NAO32 is a format that gained some fame in the dev community when ex-Ninja Theory programmer Marco Salvi shared some details on the technique over on the beyond3D forums. Used in the game Heavenly Sword, it allowed for multi-sampling to be used in conjuction with HDR on a platform (PS3) whose GPU didn't support multi-sampling of floating-point surfaces (The RSX is heavily based on Nvidia G70). In this technique, color is stored in the LogLuv format usinga standard R8G8B8A8 surface. Two components are used to store X and Y at 8-bit precision, and the other two are used to store the log of luminance at 16-bit precision. Having 16 bits for luminance allows for a wide dynamic range to be stored in this format, and storing the log of the luminance allows for linear filtering in multi-sampling or texture sampling. Since he first explained it other games have also used it, such as Naughty Dog's Uncharted. It's likely that it's been used in many other PS3 games, as well.

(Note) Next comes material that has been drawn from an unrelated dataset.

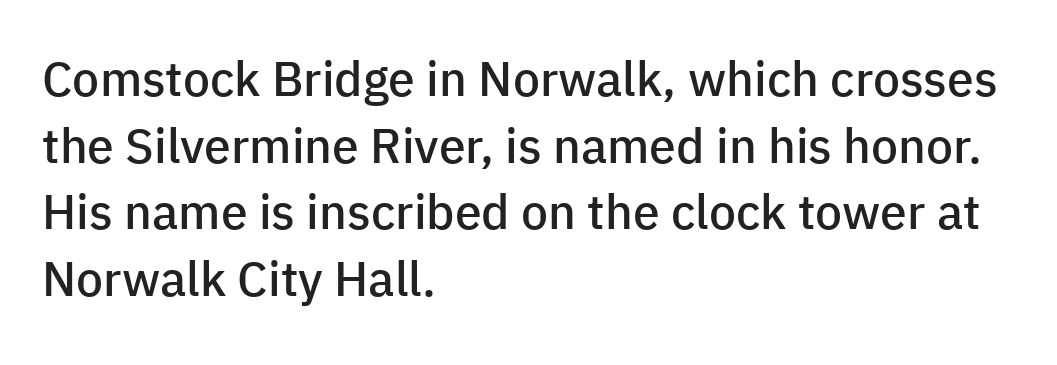
{"serif": "no", "italic": "no", "bold": "semi", "weight": "semibold", "width": "normal", "stroke_contrast": "low", "x_height": "medium", "monospaced": "no", "underline": "no", "align": "left", "line_spacing": "normal", "line_spacing_ratio": 1.39, "letter_spacing": "normal", "letter_spacing_em": 0.0, "glyph_px": 48}

My actual shader implementation was helped along quite a bit by Christer Ericson's blog post, which described how to derive optimized shader code for encoding RGB into the LogLuv format. Using his code as a starting point, I came up with the following HLSL code for encoding and decoding:
// M matrix, for encoding
const static float3x3 M = float3x3(
0.2209, 0.3390, 0.4184,
0.1138, 0.6780, 0.7319,
0.0102, 0.1130, 0.2969);
// Inverse M matrix, for decoding
const static float3x3 InverseM = float3x3(
6.0013, -2.700, -1.7995,
-1.332, 3.1029, -5.7720,
.3007, -1.088, 5.6268);
float4 LogLuvEncode(in float3 vRGB)
{
float4 vResult;
float3 Xp_Y_XYZp = mul(vRGB, M);
Xp_Y_XYZp = max(Xp_Y_XYZp, float3(1e-6, 1e-6, 1e-6));
vResult.xy = Xp_Y_XYZp.xy / Xp_Y_XYZp.z;
float Le = 2 * log2(Xp_Y_XYZp.y) + 127;
vResult.w = frac(Le);
vResult.z = (Le - (floor(vResult.w*255.0f))/255.0f)/255.0f;
return vResult;
}
float3 LogLuvDecode(in float4 vLogLuv)
{
float Le = vLogLuv.z * 255 + vLogLuv.w;
float3 Xp_Y_XYZp;
Xp_Y_XYZp.y = exp2((Le - 127) / 2);
Xp_Y_XYZp.z = Xp_Y_XYZp.y / vLogLuv.y;
Xp_Y_XYZp.x = vLogLuv.x * Xp_Y_XYZp.z;
float3 vRGB = mul(Xp_Y_XYZp, InverseM);
return max(vRGB, 0);
}
Once I had this implemented and worked through a few small glitches, results were much improved in the 360 version. Performance was much much better, I could multi-sample again, and the results looked great. So once again things didn't exactly work out in an ideal way, but I'm pleased with the results.